The answer must be every line of the records below that contains the word "fill", copied out.
*** Entries supplied Section Begins ***
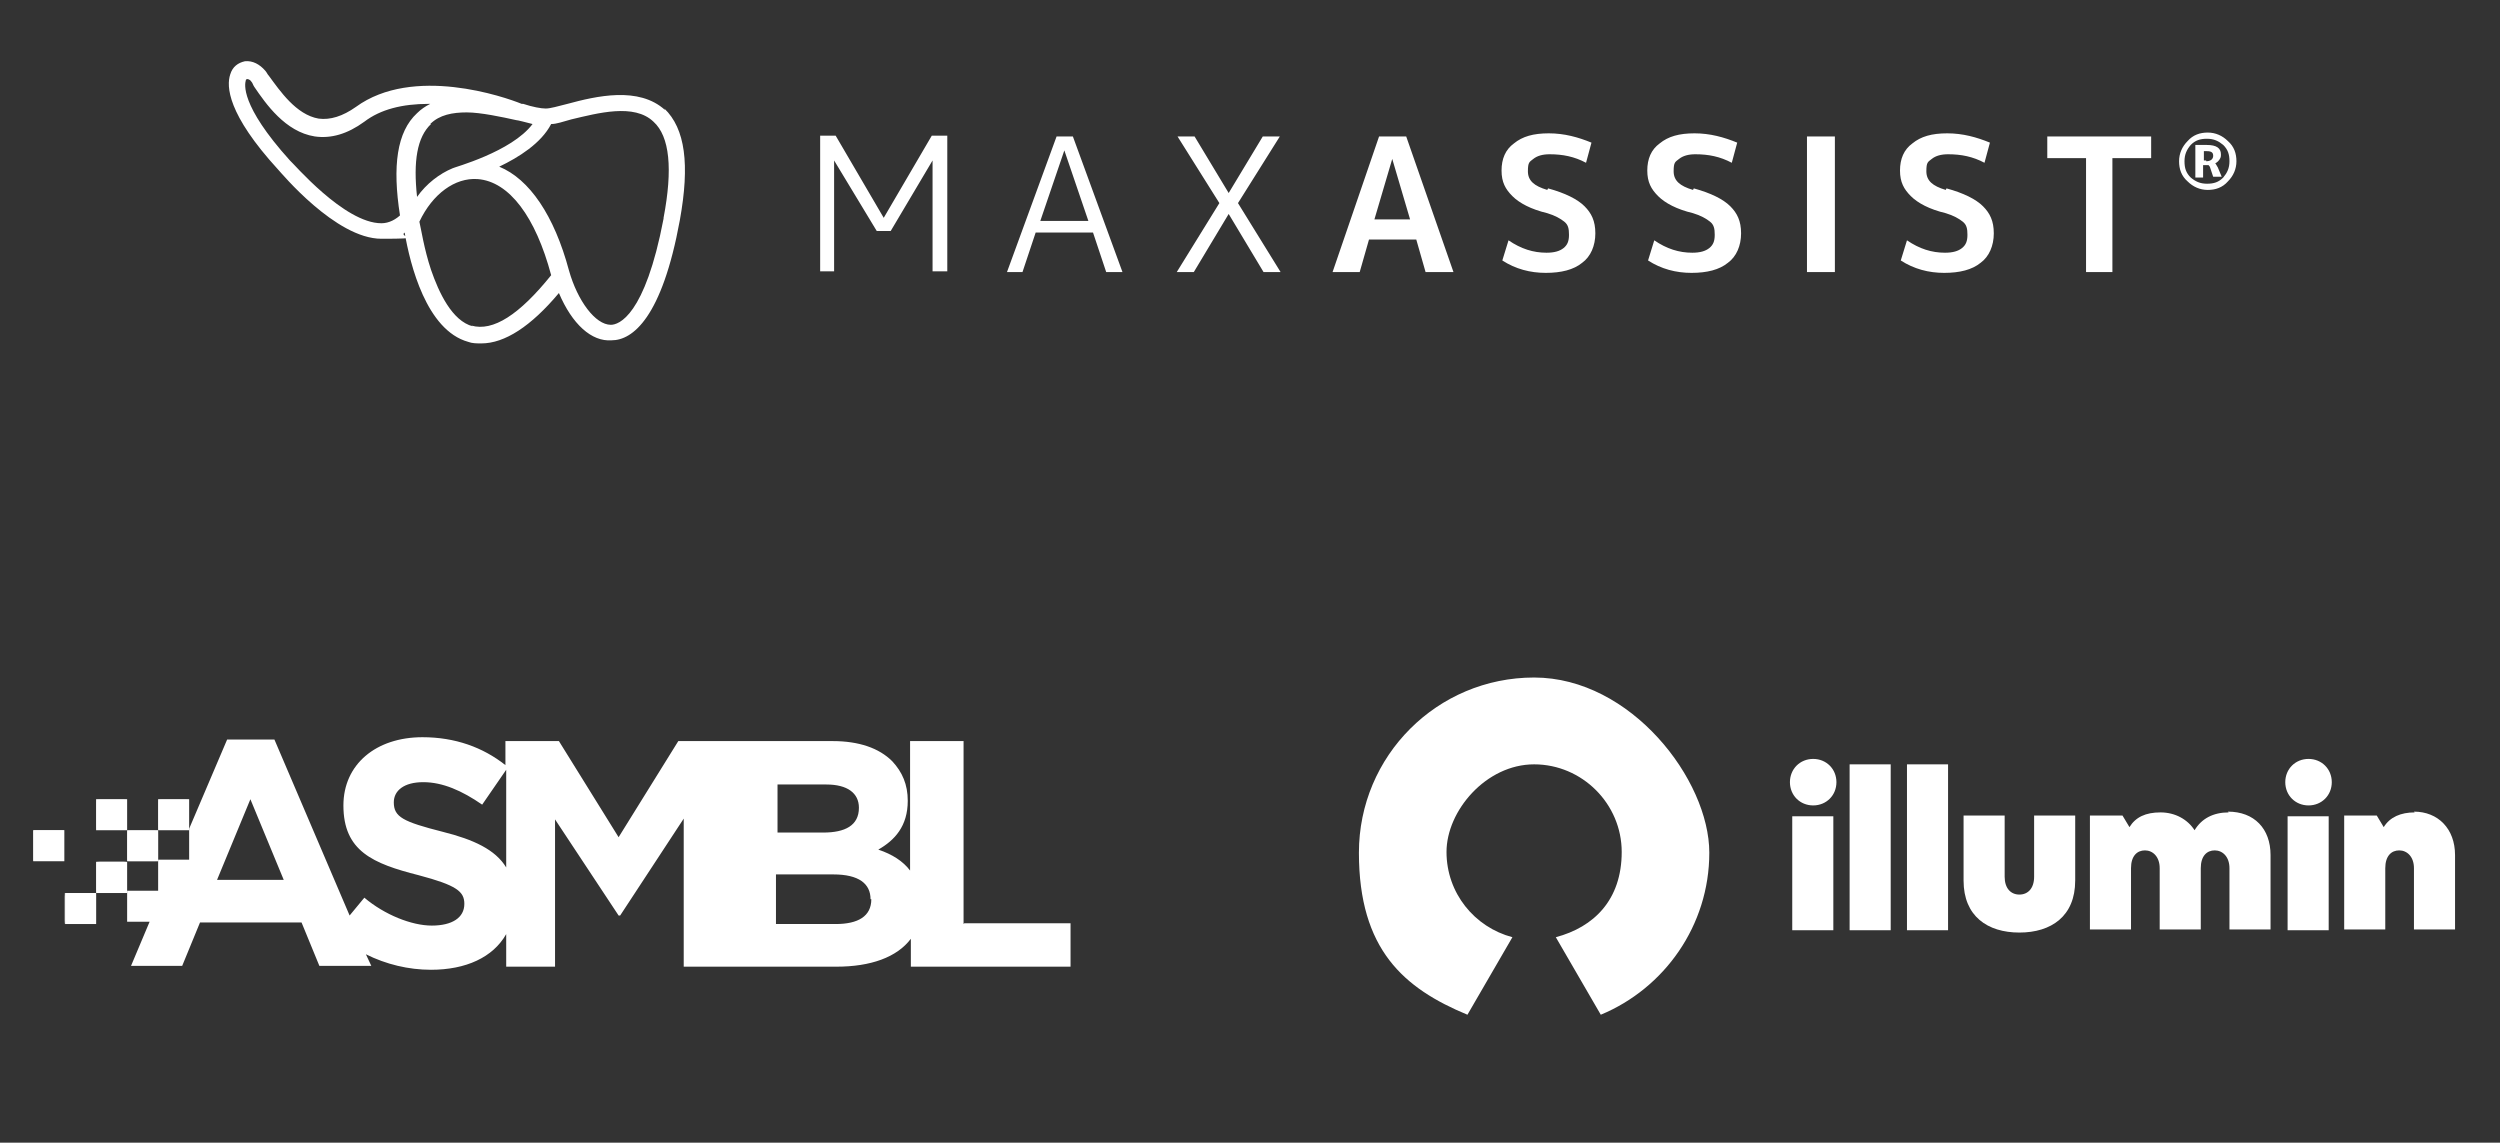 <?xml version="1.0" encoding="UTF-8"?>
<svg xmlns="http://www.w3.org/2000/svg" xmlns:xlink="http://www.w3.org/1999/xlink" version="1.1" viewBox="0 0 322.5 147.4">
  <rect x="0" y="0" width="322.5" height="147.4" fill="#333333" stroke="none"/>
  <!-- Generator: Adobe Illustrator 29.8.1, SVG Export Plug-In . SVG Version: 2.1.1 Build 2)  -->
  <defs>
    <style>
      .st0 {
        mask: url(#mask);
      }

      .st1 {
        isolation: isolate;
      }

      .st2 {
        mask: url(#mask-2);
      }

      .st3 {
        mask: url(#mask-3);
      }

      .st4 {
        mask: url(#mask-4);
      }

      .st5 {
        mask: url(#mask-5);
      }

      .st6 {
        mask: url(#mask-6);
      }

      .st7 {
        mask: url(#mask-1);
      }

      .st8 {
        mix-blend-mode: multiply;
      }

      .st9 {
        fill: #fff;
      }
    </style>
    <mask id="mask" x="8.3" y="115.2" width="4" height="4" maskUnits="userSpaceOnUse">
      <g id="mask0_3250_13552">
        <path class="st9" d="M12.4,115.2h-4v4h4v-4Z"/>
      </g>
    </mask>
    <mask id="mask-1" x="8.3" y="115.2" width="4" height="4" maskUnits="userSpaceOnUse">
      <g id="mask1_3250_13552">
        <path class="st9" d="M12.4,115.2h-4v4h4v-4Z"/>
      </g>
    </mask>
    <mask id="mask-2" x="16.4" y="107.1" width="4" height="4" maskUnits="userSpaceOnUse">
      <g id="mask2_3250_13552">
        <path class="st9" d="M20.4,107.1h-4v4h4v-4Z"/>
      </g>
    </mask>
    <mask id="mask-3" x="16.4" y="107.1" width="4" height="4" maskUnits="userSpaceOnUse">
      <g id="mask3_3250_13552">
        <path class="st9" d="M20.4,107.1h-4v4h4v-4Z"/>
      </g>
    </mask>
    <mask id="mask-4" x="12.4" y="111.1" width="4" height="4" maskUnits="userSpaceOnUse">
      <g id="mask4_3250_13552">
        <path class="st9" d="M16.4,111.1h-4v4h4v-4Z"/>
      </g>
    </mask>
    <mask id="mask-5" x="20.4" y="103.1" width="4" height="4" maskUnits="userSpaceOnUse">
      <g id="mask5_3250_13552">
        <path class="st9" d="M24.4,103.1h-4v4h4v-4Z"/>
      </g>
    </mask>
    <mask id="mask-6" x="12.4" y="103.1" width="4" height="4" maskUnits="userSpaceOnUse">
      <g id="mask6_3250_13552">
        <path class="st9" d="M16.4,103.1h-4v4h4v-4Z"/>
      </g>
    </mask>
  </defs>
  <g class="st1">
    <g id="Layer_1">
      <g>
        <path class="st9" d="M85.8,14.2c-3.4-3.1-8.9-1.8-12.6-.8-1.2.3-2.2.6-2.8.6s-1.7-.2-2.9-.6h-.2c-2.2-.9-14-5-21.4.4-1.7,1.2-3.3,1.7-4.8,1.5-2.9-.5-5-3.6-6.4-5.5-.2-.2-.3-.5-.5-.7-.7-.8-1.6-1.3-2.6-1.2-.9.2-1.6.7-1.9,1.7-.5,1.5-.4,5.1,6.2,12.3.3.3,7.4,8.9,13.3,8.9s2.1-.2,3-.8c.7,4.1,2.8,12.6,8.2,14.1.5.2,1.1.2,1.7.2,3,0,6.4-2.2,10-6.5,1.7,4,4.2,6.3,6.8,6.1,2.7,0,6.5-2.9,8.8-15.5,1.3-7.2.7-11.8-2-14.4h0ZM51.8,27.6c-.7.7-1.6,1.2-2.6,1.2-4.8,0-11.4-7.8-11.8-8.1-6.5-7.2-5.8-9.9-5.7-10.3,0,0,0-.2.2-.2h0c0,0,.3,0,.5.3.2.2.2.4.4.7h0c1.5,2.2,4,5.8,7.8,6.4,2.1.3,4.2-.3,6.4-1.9,2.1-1.6,4.9-2.3,8.3-2.3h.2c-.6.3-1.2.7-1.7,1.2-2.6,2.4-3.2,6.8-2.2,13.2h.2ZM55.5,16c1.2-1.2,2.9-1.5,4.7-1.5s4.6.6,6.4,1c.2,0,1.3.3,2.1.5-2.7,3.6-10.2,5.6-10.3,5.7-1.7.7-3.4,2-4.6,3.7-.5-4.6,0-7.7,1.8-9.4h0ZM61,42.1c-2.7-.7-4.4-4.4-5.4-7.3-.9-2.7-1.3-5.4-1.5-6.2,1.7-3.6,4.6-5.7,7.5-5.5,4.1.3,7.5,4.9,9.5,12.4h0c-4.1,5.1-7.5,7.3-10.3,6.5h0ZM85.6,28.2c-2.4,12.6-5.8,13.7-6.8,13.7h0c-2,0-4.3-3.1-5.4-7-1.9-7.1-5.1-11.8-9-13.4,2.5-1.2,5.4-3,6.7-5.5.7,0,1.5-.3,2.6-.6,3.4-.8,8.1-2.1,10.6.3,2.1,1.9,2.5,6.1,1.3,12.4h0Z"/>
        <path class="st9" d="M136.3,17.6l-6.4,17.5h2l1.7-5.1h7.4l1.7,5.1h2.1l-6.4-17.5h-2.2ZM134.2,28.5l3.1-9.1h0l3.1,9.1h-6.4,0ZM287.4,18.2c-.7-.7-1.6-1.1-2.6-1.1s-1.9.3-2.6,1.1c-.7.7-1.1,1.6-1.1,2.6s.3,1.9,1.1,2.6c.7.7,1.6,1.1,2.6,1.1s1.9-.3,2.6-1.1c.7-.7,1.1-1.6,1.1-2.6s-.3-1.9-1.1-2.6ZM286.8,22.9c-.6.6-1.2.8-2.1.8s-1.5-.3-2.1-.8c-.6-.6-.8-1.2-.8-2.1s.3-1.5.8-2.1c.6-.6,1.2-.8,2.1-.8s1.5.3,2.1.8c.6.6.8,1.2.8,2.1s-.3,1.5-.8,2.1ZM165.1,17.6h-2.2l-4.4,7.3h0l-4.4-7.3h-2.2l5.4,8.6-5.5,8.9h2.2l4.5-7.5h0l4.5,7.5h2.2l-5.5-8.9,5.4-8.6h0ZM285.6,21.1c.2,0,.5-.2.7-.5s.2-.4.2-.7c0-.8-.6-1.2-1.8-1.2s-1.1,0-1.5,0v4.2h1v-1.6h.3c.2,0,.3,0,.4,0,0,0,.2.2.2.3l.4,1.2h1.1l-.5-1.2c-.2-.3-.3-.6-.5-.7h0ZM284.6,20.7h-.3v-1.2h.4c.6,0,.8.2.8.6s-.3.7-.9.7h0ZM114,28.1h0l-6.2-10.6h-2v17.5h1.8v-14.3h0l5.5,9.1h1.8l5.4-9.1h0v14.3h1.9v-17.5h-2l-6.2,10.6h0ZM218.4,24.5c-1.7-.5-2.5-1.2-2.5-2.4s.2-1.2.7-1.6c.5-.4,1.2-.6,2.1-.6,1.7,0,3.2.3,4.7,1.1l.7-2.6c-1.7-.7-3.5-1.2-5.5-1.2s-3.4.4-4.5,1.3c-1.1.8-1.6,2-1.6,3.5s.5,2.4,1.4,3.3,2.4,1.7,4.5,2.2c1,.3,1.7.7,2.2,1.1s.6.9.6,1.7-.2,1.3-.7,1.7c-.5.4-1.2.6-2.2.6-1.7,0-3.3-.5-4.9-1.6l-.8,2.6c1.7,1.1,3.6,1.6,5.6,1.6s3.6-.4,4.7-1.3c1.1-.8,1.7-2.2,1.7-3.8s-.5-2.6-1.4-3.5c-.9-.9-2.5-1.7-4.7-2.3h0ZM233.1,35.1h3.6v-17.5h-3.6v17.5ZM251,24.5c-1.7-.5-2.5-1.2-2.5-2.4s.2-1.2.7-1.6,1.2-.6,2.1-.6c1.7,0,3.2.3,4.7,1.1l.7-2.6c-1.7-.7-3.5-1.2-5.5-1.2s-3.4.4-4.5,1.3c-1.1.8-1.6,2-1.6,3.5s.5,2.4,1.4,3.3,2.4,1.7,4.5,2.2c1,.3,1.7.7,2.2,1.1s.6.9.6,1.7-.2,1.3-.7,1.7-1.2.6-2.2.6c-1.7,0-3.3-.5-4.9-1.6l-.8,2.6c1.7,1.1,3.6,1.6,5.6,1.6s3.6-.4,4.7-1.3c1.1-.8,1.7-2.2,1.7-3.8s-.5-2.6-1.4-3.5-2.5-1.7-4.7-2.3h0ZM264.1,20.4h5v14.7h3.4v-14.7h5v-2.8h-13.4v2.8h0ZM199.6,24.5c-1.7-.5-2.5-1.2-2.5-2.4s.2-1.2.7-1.6c.5-.4,1.2-.6,2.1-.6,1.7,0,3.2.3,4.7,1.1l.7-2.6c-1.7-.7-3.5-1.2-5.5-1.2s-3.4.4-4.5,1.3c-1.1.8-1.6,2-1.6,3.5s.5,2.4,1.4,3.3,2.4,1.7,4.5,2.2c1,.3,1.7.7,2.2,1.1s.6.9.6,1.7-.2,1.3-.7,1.7c-.5.4-1.2.6-2.2.6-1.7,0-3.3-.5-4.9-1.6l-.8,2.6c1.7,1.1,3.6,1.6,5.6,1.6s3.6-.4,4.7-1.3c1.1-.8,1.7-2.2,1.7-3.8s-.5-2.6-1.4-3.5c-.9-.9-2.5-1.7-4.7-2.3h0ZM177.9,17.6l-6,17.5h3.5l1.2-4.2h6.1l1.2,4.2h3.6l-6.1-17.5h-3.6,0ZM177.3,28.3l2.3-7.8h0l2.3,7.8h-4.6Z"/>
      </g>
      <g>
        <path class="st9" d="M24.4,103.1h-4v4h4v-4Z"/>
        <path class="st9" d="M20.4,107.1h-4v4h4v-4Z"/>
        <path class="st9" d="M16.4,111.2h-4v4h4v-4Z"/>
        <path class="st9" d="M16.4,103.1h-4v4h4v-4Z"/>
        <path class="st9" d="M12.4,115.2h-4v4h4v-4Z"/>
        <path class="st9" d="M8.3,107.1h-4v4h4v-4Z"/>
        <g class="st8">
          <g class="st0">
            <path class="st9" d="M8.3,115.2v4l4-4h-4Z"/>
          </g>
        </g>
        <g class="st8">
          <g class="st7">
            <path class="st9" d="M12.4,115.2l-4,4h4v-4Z"/>
          </g>
        </g>
        <g class="st8">
          <g class="st2">
            <path class="st9" d="M16.4,107.1v4l4-4h-4Z"/>
          </g>
        </g>
        <g class="st8">
          <g class="st3">
            <path class="st9" d="M20.4,107.1l-4,4h4v-4Z"/>
          </g>
        </g>
        <g class="st8">
          <g class="st4">
            <path class="st9" d="M12.4,111.1v4l4-4h-4Z"/>
          </g>
        </g>
        <g class="st8">
          <g class="st5">
            <path class="st9" d="M20.4,103.1v4l4-4h-4Z"/>
          </g>
        </g>
        <g class="st8">
          <g class="st6">
            <path class="st9" d="M12.4,103.1v4l4-4h-4Z"/>
          </g>
        </g>
        <g class="st8">
          <path class="st9" d="M4.3,107.1v4l4-4h-4Z"/>
        </g>
        <path class="st9" d="M124.3,119.2v-23.6h-6.9v16.7c-.9-1.2-2.3-2.1-4.1-2.7,2.1-1.2,3.8-3,3.8-6.3h0c0-2.1-.7-3.7-2-5.1-1.7-1.7-4.3-2.6-7.7-2.6h-19.9l-7.7,12.4-7.7-12.4h-6.9v3.1c-2.9-2.3-6.5-3.6-10.7-3.6-6,0-10.2,3.5-10.2,8.8h0c0,5.9,3.8,7.5,9.7,9,4.9,1.3,5.9,2.1,5.9,3.7h0c0,1.8-1.6,2.8-4.2,2.8s-6.1-1.4-8.7-3.6l-1.9,2.3-9.7-22.7h-6.1l-4.9,11.5v4h-4v4h-4v4h2.9l-2.4,5.7h6.6l2.3-5.6h13.1l2.3,5.6h6.7l-.7-1.5c2.6,1.3,5.5,2,8.4,2,4.5,0,8-1.6,9.7-4.6v4.2h6.3v-19l8.2,12.4h.2l8.2-12.5v19.1h19.7c4.4,0,7.8-1.2,9.6-3.6v3.6h20.6v-5.6h-13.7,0ZM28,113.5l4.3-10.4,4.3,10.4h-8.5ZM65.3,111.9c-1.4-2.3-4.2-3.6-8.2-4.6-5.1-1.3-6.3-1.9-6.3-3.8h0c0-1.5,1.3-2.6,3.8-2.6s5,1.1,7.6,2.9l3.1-4.5v12.7h0ZM100.2,101.2h6.4c2.7,0,4.2,1.1,4.2,3h0c0,2.3-1.8,3.2-4.6,3.2h-5.9v-6.2h0ZM112.4,116c0,2.2-1.7,3.2-4.6,3.2h-7.7v-6.4h7.4c3.3,0,4.8,1.2,4.8,3.2h0Z"/>
      </g>
      <g>
        <path class="st9" d="M197.9,87.4c-12.5,0-22.6,10.1-22.6,22.6s5.8,17.5,14,20.9l5.8-10h0c-4.9-1.3-8.5-5.7-8.5-11s5.1-11.3,11.3-11.3,11.3,5.1,11.3,11.3-3.6,9.7-8.5,11h0s5.8,10,5.8,10c8.2-3.4,14-11.5,14-20.9s-10.1-22.6-22.6-22.6Z"/>
        <g>
          <g>
            <path class="st9" d="M243.9,120h-5.3v-21.4h5.3v21.4Z"/>
            <path class="st9" d="M251.3,120h-5.3v-21.4h5.3v21.4Z"/>
            <path class="st9" d="M267.7,113.6c0,4.6-3.1,6.7-7.2,6.7s-7.2-2.1-7.2-6.7v-8.4h5.3v7.9c0,1.5.8,2.3,1.9,2.3s1.9-.8,1.9-2.3v-7.9h5.3v8.4Z"/>
          </g>
          <path class="st9" d="M287.5,104.8c-2,0-3.5.8-4.4,2.3-.9-1.4-2.5-2.3-4.4-2.3s-3.2.6-4,1.9l-.9-1.5h-4.2v14.7h5.3v-7.9c0-1.6.8-2.3,1.8-2.3s1.9.8,1.9,2.3v7.9h5.3v-7.9c0-1.6.8-2.3,1.8-2.3s1.9.8,1.9,2.3v7.9h5.3v-9.6c0-3.4-2.1-5.6-5.5-5.6Z"/>
          <path class="st9" d="M311.5,104.8c-1.8,0-3.2.6-4,1.9l-.9-1.5h-4.2v14.7h5.3v-7.9c0-1.6.8-2.3,1.8-2.3s1.9.8,1.9,2.3v7.9h5.3v-9.6c0-3.4-2.2-5.6-5.3-5.6Z"/>
          <path class="st9" d="M236.9,100.9c0,1.7-1.3,3-3,3s-3-1.3-3-3,1.3-3,3-3,3,1.3,3,3Z"/>
          <path class="st9" d="M236.5,120h-5.3v-14.7h5.3v14.7Z"/>
          <path class="st9" d="M300.8,100.9c0,1.7-1.3,3-3,3s-3-1.3-3-3,1.3-3,3-3,3,1.3,3,3Z"/>
          <path class="st9" d="M300.4,120h-5.3v-14.7h5.3v14.7Z"/>
        </g>
      </g>
    </g>
  </g>
</svg>
*** Entries supplied Section Ends ***
_Problem solution_
  <rect x="0" y="0" width="322.5" height="147.4" fill="#333333" stroke="none"/>
        fill: #fff;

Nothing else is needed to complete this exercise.